### Problem to work on
Check every line of the entries below for the word "dark", and copy the ones that have it.

-- Opening Marker --

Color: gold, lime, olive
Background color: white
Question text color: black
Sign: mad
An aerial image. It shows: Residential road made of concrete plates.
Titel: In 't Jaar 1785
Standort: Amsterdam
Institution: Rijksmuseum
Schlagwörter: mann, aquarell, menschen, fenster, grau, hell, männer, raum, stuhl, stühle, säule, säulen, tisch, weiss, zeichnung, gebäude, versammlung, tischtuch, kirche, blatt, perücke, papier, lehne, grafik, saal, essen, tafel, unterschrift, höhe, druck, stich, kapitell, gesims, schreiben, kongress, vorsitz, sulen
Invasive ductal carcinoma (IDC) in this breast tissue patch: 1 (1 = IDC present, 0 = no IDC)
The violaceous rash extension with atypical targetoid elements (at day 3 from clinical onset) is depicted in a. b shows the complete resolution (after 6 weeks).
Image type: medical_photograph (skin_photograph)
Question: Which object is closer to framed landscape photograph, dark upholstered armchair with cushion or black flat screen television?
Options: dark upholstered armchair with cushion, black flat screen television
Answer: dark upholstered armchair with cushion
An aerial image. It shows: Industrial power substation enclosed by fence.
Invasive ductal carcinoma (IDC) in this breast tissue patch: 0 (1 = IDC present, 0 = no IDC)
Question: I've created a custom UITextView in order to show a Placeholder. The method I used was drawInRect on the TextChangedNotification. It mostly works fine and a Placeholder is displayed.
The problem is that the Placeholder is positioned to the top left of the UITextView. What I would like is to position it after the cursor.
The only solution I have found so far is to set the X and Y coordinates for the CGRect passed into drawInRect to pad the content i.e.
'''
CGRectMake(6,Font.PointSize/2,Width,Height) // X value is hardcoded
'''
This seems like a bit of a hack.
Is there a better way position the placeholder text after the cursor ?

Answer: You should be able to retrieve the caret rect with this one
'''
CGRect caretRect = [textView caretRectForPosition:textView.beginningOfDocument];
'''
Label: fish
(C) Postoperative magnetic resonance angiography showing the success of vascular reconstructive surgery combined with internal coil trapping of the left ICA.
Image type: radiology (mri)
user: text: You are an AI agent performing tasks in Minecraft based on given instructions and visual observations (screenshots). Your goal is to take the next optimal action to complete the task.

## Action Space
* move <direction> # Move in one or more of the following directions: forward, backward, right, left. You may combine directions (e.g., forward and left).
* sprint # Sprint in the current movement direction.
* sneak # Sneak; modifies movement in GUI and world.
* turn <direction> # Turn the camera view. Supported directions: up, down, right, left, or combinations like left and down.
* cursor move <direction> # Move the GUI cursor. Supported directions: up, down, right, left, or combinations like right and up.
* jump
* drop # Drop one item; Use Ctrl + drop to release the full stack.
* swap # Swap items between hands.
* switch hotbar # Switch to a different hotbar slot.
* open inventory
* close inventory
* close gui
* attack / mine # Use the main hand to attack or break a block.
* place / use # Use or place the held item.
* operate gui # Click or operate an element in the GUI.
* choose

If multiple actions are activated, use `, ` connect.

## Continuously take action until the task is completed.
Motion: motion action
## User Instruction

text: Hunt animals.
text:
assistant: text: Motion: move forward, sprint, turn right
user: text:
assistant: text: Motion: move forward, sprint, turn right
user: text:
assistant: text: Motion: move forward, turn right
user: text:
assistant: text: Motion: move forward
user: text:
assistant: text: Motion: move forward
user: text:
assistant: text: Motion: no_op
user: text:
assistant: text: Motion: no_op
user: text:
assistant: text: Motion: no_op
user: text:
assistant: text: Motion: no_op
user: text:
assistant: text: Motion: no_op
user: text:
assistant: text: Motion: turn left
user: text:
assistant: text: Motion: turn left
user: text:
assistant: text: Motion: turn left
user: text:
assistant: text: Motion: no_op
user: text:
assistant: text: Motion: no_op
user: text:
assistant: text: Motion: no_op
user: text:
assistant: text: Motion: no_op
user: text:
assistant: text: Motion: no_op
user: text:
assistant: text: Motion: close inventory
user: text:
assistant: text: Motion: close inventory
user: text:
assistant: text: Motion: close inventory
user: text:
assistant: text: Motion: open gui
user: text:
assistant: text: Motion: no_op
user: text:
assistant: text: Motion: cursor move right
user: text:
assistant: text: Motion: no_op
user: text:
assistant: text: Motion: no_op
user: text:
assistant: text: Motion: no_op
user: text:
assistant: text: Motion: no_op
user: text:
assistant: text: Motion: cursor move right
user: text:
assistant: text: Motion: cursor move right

-- Closing Marker --

### Written reply
Question: Which object is closer to framed landscape photograph, dark upholstered armchair with cushion or black flat screen television?
Options: dark upholstered armchair with cushion, black flat screen television
Answer: dark upholstered armchair with cushion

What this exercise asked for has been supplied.